[Source records]

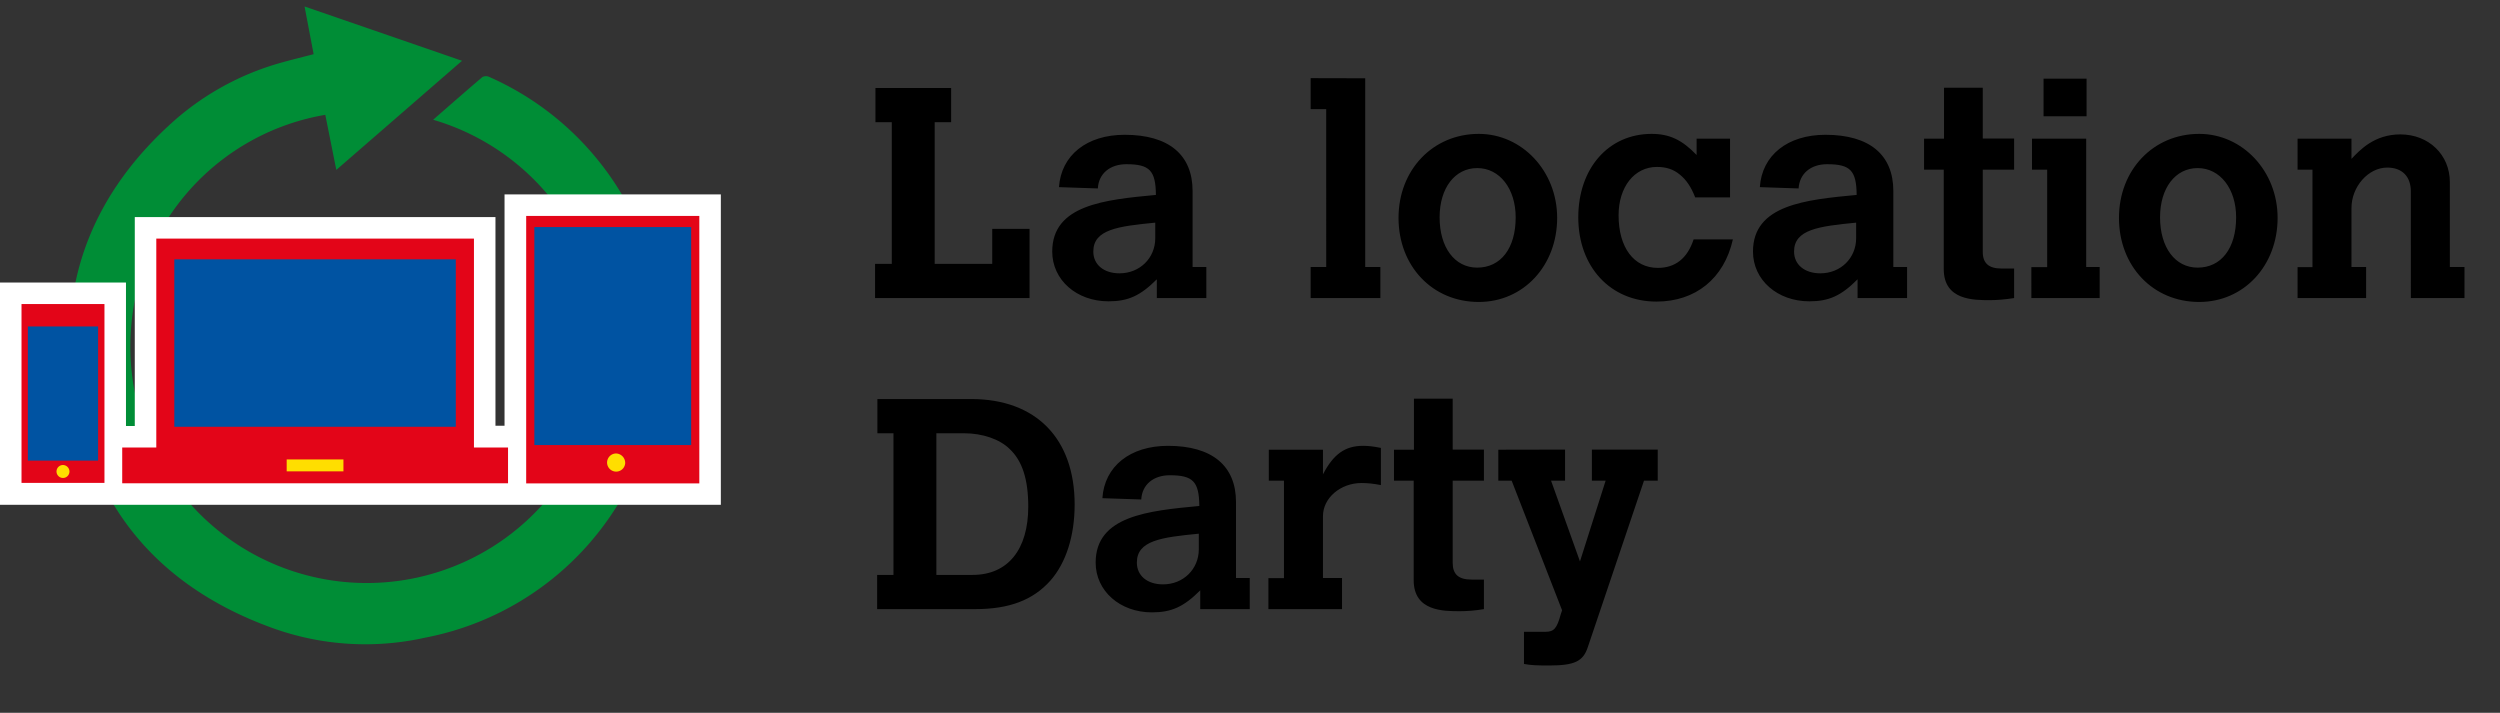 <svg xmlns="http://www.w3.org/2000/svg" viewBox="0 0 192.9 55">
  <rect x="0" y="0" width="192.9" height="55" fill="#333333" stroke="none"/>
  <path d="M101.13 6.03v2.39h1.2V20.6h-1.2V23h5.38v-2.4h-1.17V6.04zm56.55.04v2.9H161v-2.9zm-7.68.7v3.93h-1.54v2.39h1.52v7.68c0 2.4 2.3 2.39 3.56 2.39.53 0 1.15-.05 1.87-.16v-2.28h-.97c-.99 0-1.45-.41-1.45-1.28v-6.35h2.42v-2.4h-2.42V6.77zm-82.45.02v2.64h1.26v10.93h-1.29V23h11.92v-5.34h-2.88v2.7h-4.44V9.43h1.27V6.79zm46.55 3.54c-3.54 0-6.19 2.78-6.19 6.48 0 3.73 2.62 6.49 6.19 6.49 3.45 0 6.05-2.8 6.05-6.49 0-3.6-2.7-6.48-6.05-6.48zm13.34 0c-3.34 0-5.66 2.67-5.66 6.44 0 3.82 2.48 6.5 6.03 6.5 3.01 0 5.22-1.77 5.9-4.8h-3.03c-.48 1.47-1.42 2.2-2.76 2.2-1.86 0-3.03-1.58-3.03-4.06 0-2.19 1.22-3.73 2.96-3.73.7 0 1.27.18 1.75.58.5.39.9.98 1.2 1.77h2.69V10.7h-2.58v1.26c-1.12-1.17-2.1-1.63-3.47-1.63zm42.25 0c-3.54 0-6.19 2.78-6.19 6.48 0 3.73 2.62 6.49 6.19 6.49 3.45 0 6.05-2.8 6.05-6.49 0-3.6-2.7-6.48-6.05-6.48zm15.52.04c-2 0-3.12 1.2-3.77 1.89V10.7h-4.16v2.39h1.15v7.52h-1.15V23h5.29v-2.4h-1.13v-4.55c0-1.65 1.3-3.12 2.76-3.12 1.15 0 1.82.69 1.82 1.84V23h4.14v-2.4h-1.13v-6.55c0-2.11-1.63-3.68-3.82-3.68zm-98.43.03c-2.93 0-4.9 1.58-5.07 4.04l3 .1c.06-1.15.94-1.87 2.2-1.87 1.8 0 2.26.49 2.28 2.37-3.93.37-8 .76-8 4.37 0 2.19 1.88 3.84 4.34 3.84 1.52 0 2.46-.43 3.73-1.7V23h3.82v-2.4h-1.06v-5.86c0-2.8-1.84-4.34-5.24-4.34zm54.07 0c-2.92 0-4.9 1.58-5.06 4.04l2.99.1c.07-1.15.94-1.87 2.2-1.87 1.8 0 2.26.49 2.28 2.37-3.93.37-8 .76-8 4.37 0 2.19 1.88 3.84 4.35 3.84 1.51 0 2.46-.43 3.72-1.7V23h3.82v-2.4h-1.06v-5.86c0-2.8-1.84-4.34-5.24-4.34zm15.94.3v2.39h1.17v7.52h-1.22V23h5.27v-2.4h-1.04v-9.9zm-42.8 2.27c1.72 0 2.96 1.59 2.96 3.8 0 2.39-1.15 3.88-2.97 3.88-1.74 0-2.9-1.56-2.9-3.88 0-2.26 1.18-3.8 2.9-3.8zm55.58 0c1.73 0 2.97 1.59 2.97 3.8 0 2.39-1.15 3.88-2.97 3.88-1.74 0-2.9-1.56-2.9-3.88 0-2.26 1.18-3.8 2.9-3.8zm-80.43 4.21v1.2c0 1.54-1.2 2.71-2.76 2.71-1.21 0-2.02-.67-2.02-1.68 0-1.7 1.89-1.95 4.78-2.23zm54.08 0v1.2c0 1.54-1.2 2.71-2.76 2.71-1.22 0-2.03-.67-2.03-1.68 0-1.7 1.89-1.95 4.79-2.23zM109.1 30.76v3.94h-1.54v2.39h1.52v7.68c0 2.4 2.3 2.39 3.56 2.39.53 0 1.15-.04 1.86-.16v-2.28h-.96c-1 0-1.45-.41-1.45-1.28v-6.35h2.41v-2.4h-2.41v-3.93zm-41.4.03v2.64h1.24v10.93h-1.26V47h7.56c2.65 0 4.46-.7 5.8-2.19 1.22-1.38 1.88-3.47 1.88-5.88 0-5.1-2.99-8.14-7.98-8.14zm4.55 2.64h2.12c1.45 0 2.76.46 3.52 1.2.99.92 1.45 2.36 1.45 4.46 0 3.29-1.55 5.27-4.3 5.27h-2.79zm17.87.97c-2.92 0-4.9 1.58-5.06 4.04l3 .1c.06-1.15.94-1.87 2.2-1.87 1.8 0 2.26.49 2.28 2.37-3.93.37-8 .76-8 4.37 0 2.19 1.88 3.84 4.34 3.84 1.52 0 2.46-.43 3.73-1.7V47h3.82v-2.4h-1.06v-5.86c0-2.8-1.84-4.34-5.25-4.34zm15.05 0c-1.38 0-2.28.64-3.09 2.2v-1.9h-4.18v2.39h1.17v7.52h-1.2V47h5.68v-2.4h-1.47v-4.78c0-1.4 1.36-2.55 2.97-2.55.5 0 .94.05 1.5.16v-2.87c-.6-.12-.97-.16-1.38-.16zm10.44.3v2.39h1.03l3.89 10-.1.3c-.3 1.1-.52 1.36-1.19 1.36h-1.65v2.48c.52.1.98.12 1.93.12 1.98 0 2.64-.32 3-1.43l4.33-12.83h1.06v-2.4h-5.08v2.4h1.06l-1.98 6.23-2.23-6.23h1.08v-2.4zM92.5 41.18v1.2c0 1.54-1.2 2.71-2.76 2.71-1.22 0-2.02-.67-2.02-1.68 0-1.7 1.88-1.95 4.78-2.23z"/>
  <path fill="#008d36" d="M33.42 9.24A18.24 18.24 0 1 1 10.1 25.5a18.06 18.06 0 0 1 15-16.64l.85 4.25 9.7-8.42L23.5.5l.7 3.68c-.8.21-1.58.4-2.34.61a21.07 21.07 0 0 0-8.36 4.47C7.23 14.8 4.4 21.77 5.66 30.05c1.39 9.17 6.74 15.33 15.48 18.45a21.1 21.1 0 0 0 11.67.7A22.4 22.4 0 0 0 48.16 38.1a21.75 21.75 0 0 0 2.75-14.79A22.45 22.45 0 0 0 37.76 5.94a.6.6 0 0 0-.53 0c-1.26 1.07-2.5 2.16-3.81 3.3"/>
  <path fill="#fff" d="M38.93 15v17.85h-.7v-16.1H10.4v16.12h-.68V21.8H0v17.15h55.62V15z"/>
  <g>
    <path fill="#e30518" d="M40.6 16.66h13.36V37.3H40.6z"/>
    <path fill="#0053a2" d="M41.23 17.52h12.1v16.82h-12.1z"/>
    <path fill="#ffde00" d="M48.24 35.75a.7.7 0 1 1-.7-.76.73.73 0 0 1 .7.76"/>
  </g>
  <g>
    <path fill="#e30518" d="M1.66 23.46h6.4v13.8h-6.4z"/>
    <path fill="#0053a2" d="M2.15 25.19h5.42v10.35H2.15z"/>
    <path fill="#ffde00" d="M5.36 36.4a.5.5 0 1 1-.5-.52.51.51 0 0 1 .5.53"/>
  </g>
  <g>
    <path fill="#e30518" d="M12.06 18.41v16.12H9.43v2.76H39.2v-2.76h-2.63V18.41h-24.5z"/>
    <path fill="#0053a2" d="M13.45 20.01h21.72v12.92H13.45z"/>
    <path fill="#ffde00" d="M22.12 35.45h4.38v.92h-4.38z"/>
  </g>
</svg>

» Exercise prompt
Gather each line of the records holding the string "fill".

» Solved exercise
  <rect x="0" y="0" width="192.9" height="55" fill="#333333" stroke="none"/>
  <path fill="#008d36" d="M33.42 9.24A18.24 18.24 0 1 1 10.1 25.5a18.06 18.06 0 0 1 15-16.64l.85 4.25 9.7-8.42L23.5.5l.7 3.68c-.8.21-1.58.4-2.34.61a21.07 21.07 0 0 0-8.36 4.47C7.23 14.8 4.4 21.77 5.66 30.05c1.39 9.17 6.74 15.33 15.48 18.45a21.1 21.1 0 0 0 11.67.7A22.4 22.4 0 0 0 48.16 38.1a21.75 21.75 0 0 0 2.75-14.79A22.45 22.45 0 0 0 37.76 5.94a.6.6 0 0 0-.53 0c-1.26 1.07-2.5 2.16-3.81 3.3"/>
  <path fill="#fff" d="M38.93 15v17.85h-.7v-16.1H10.4v16.12h-.68V21.8H0v17.15h55.62V15z"/>
    <path fill="#e30518" d="M40.6 16.66h13.36V37.3H40.6z"/>
    <path fill="#0053a2" d="M41.23 17.52h12.1v16.82h-12.1z"/>
    <path fill="#ffde00" d="M48.24 35.75a.7.7 0 1 1-.7-.76.73.73 0 0 1 .7.76"/>
    <path fill="#e30518" d="M1.66 23.46h6.4v13.8h-6.4z"/>
    <path fill="#0053a2" d="M2.15 25.19h5.42v10.35H2.15z"/>
    <path fill="#ffde00" d="M5.36 36.4a.5.5 0 1 1-.5-.52.51.51 0 0 1 .5.53"/>
    <path fill="#e30518" d="M12.06 18.41v16.12H9.43v2.76H39.2v-2.76h-2.63V18.41h-24.5z"/>
    <path fill="#0053a2" d="M13.45 20.01h21.72v12.92H13.45z"/>
    <path fill="#ffde00" d="M22.12 35.45h4.38v.92h-4.38z"/>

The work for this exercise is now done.